Not all Wall Street analysts or executives share this view.

In fact, some argue that the time has come to recognize that Greece, particularly under its leftist Syriza government led by Prime Minister Alexis Tsipras, is never going to enact serious fiscal reforms no matter what it says publicly and will eventually default on its debt.

The case for not caring much about a “Grexit” holds that most of the nation’s debt is now held by other countries rather than banks, making financial system failures less likely. Meanwhile, European economic growth is picking up and should be able to withstand a period of turbulence, this line of thinking holds. And Greece has a tiny economy whose collapse would cause localized pain but register barely a blip around the globe.

Some top executives on Wall Street argue that it would be much worse for creditors to cave in to demands for more lenient terms from Greek’s anti-austerity political leaders. Because that would mean other debtor nations would also soon clamor for relief. Better to rip the bandage off and put an end to the charade that Greece will ever pay back all its loans.

“In 2012, if Greece blew up, it would have posed serious systemic risk,” said one Wall Street chief executive who declined to be identified by name. “But now, the private sector has nowhere near what anyone would dream of calling systemic exposure. In fact, any capitulation by creditors of any significant magnitude would be the real source of systemic risk.”

This executive added that a Greek exit could actually boost global markets because “you kick Greece out and the world realizes this is not a systemic problem and the euro rallies because they just got rid of the weakest link.”

But the more widely held view — in Washington and on Wall Street — is that while Europe has, indeed, built more firewalls and reduced private-sector exposure to Greek debt, the unknown reaction to a “Grexit” is potentially much worse than the annoyingly familiar and increasingly tiresome rounds of angst-ridden talks between Greece and its creditors.

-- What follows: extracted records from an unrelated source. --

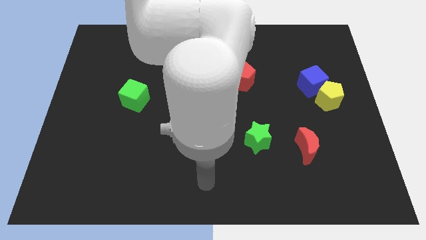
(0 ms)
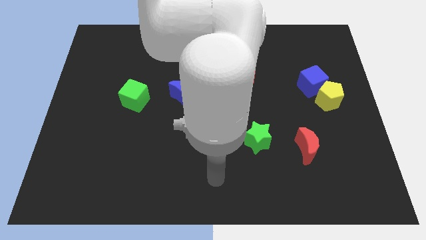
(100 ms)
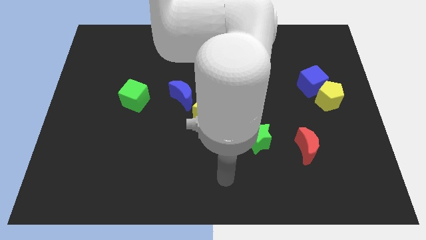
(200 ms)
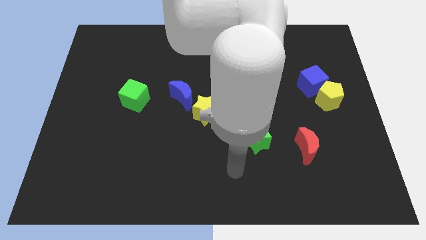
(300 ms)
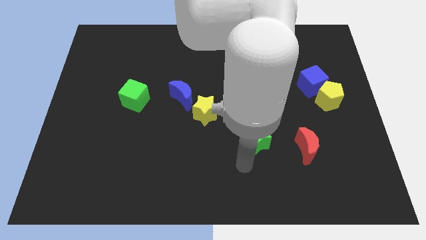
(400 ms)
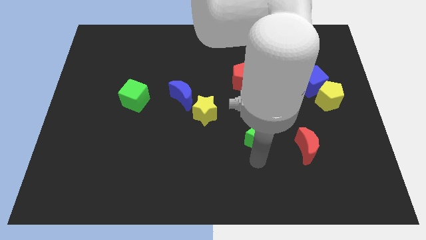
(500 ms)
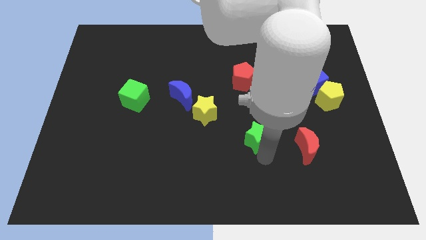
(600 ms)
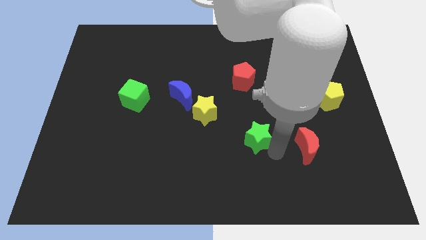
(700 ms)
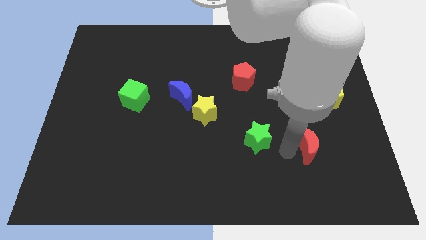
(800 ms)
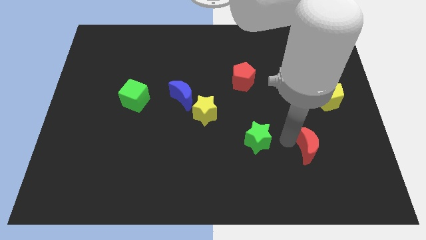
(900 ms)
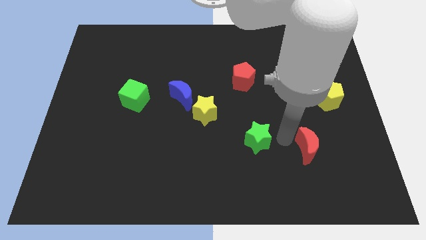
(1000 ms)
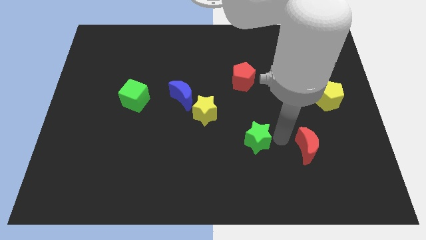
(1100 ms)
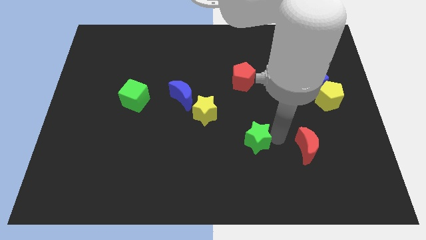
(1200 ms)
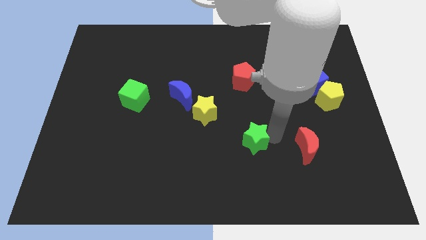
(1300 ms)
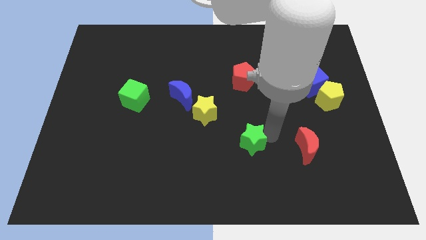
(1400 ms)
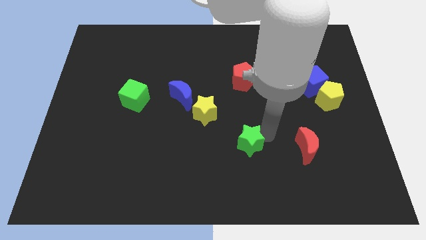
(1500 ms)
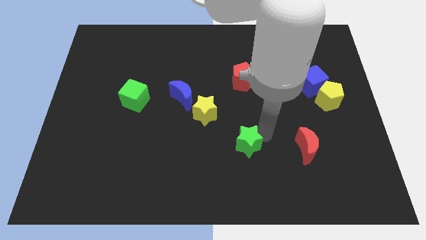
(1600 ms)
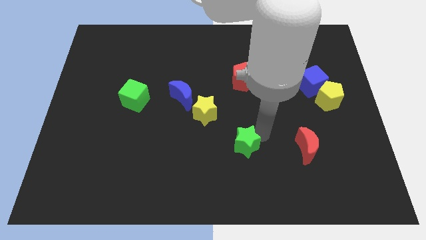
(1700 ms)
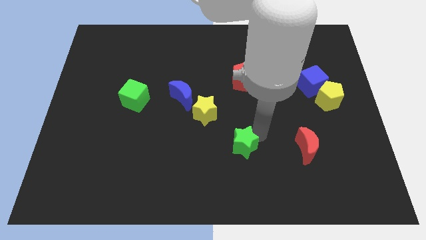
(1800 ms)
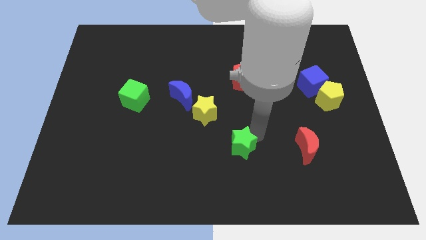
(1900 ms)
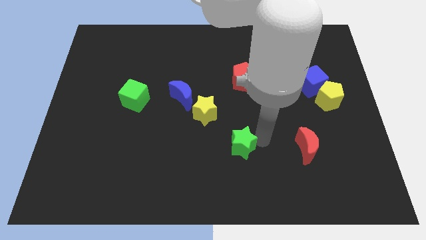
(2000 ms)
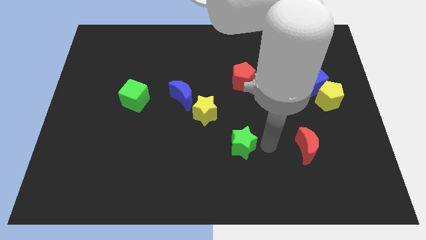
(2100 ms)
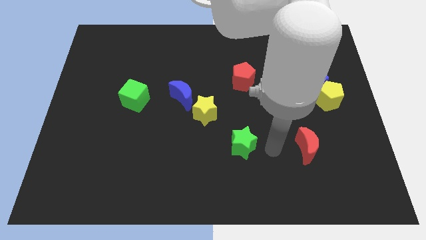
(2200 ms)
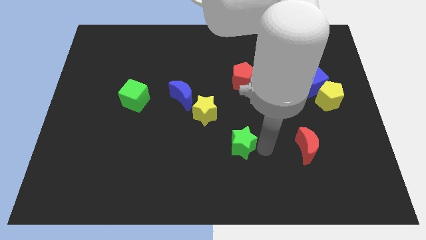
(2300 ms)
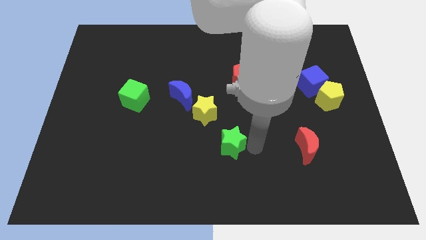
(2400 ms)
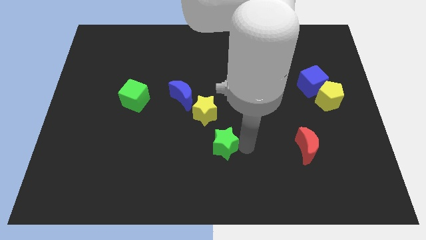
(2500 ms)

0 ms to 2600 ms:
slide the green star left somewhat

“If Greece leaves, it will never be possible to say again that exit is impossible, and if exit is always possible then you put increasing pressure on the weaker countries,” said Summers. “Of course, it’s also not tenable for the euro area to firmly establish that exit is impossible, or no country will feel any disciplinary pressure. So the matter is quite delicate, and we all have to hope and push for a mutually satisfactory conclusion.”